- **Exercise requirements**
Keep the pictures out. Write out every line of the listing exactly.

----------------------------------------

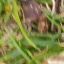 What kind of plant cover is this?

grass
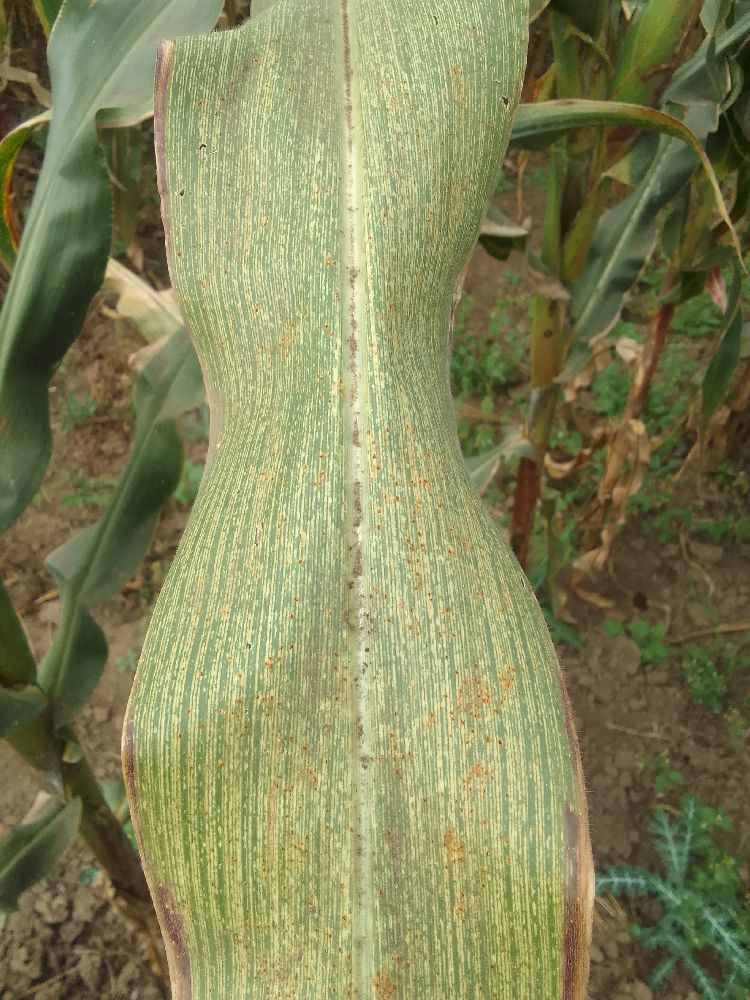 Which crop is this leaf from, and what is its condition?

maize, maize streak virus
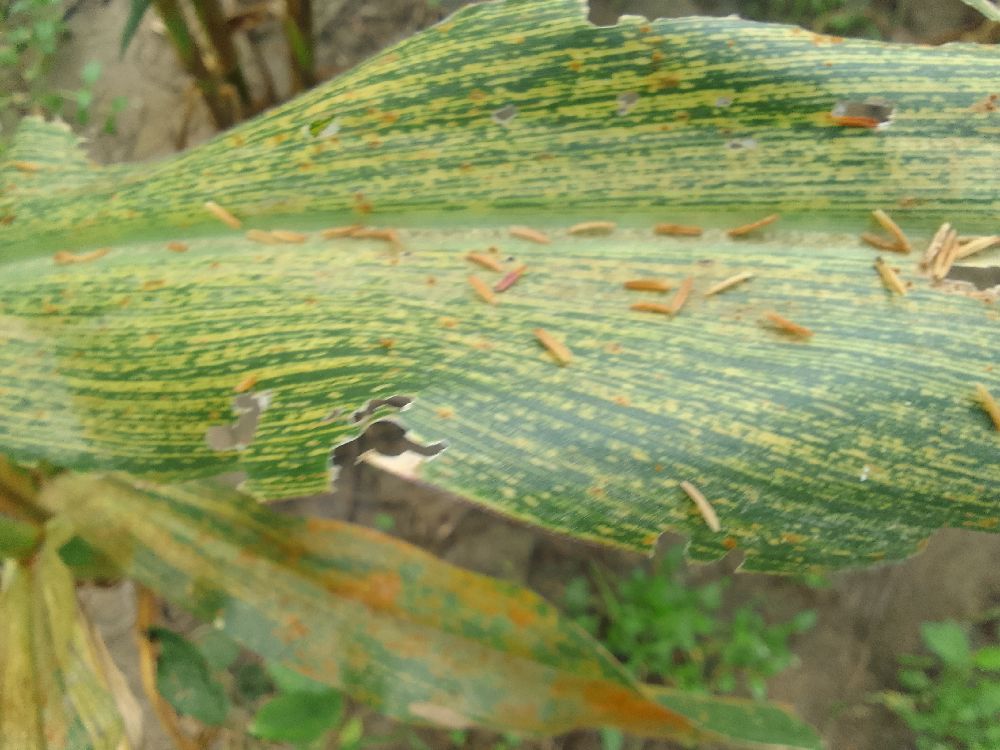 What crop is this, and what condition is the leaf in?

maize, maize streak virus
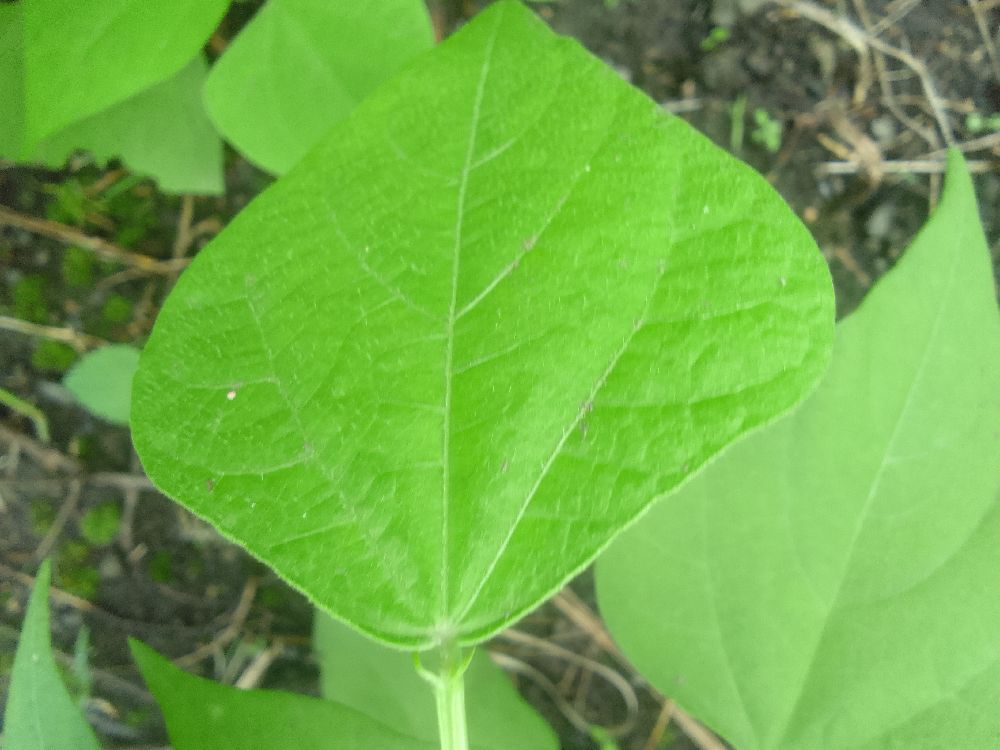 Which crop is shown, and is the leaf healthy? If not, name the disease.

----------------------------------------

- **Problem solution**
 What kind of plant cover is this?

grass
 Which crop is this leaf from, and what is its condition?

maize, maize streak virus
 What crop is this, and what condition is the leaf in?

maize, maize streak virus
 Which crop is shown, and is the leaf healthy? If not, name the disease.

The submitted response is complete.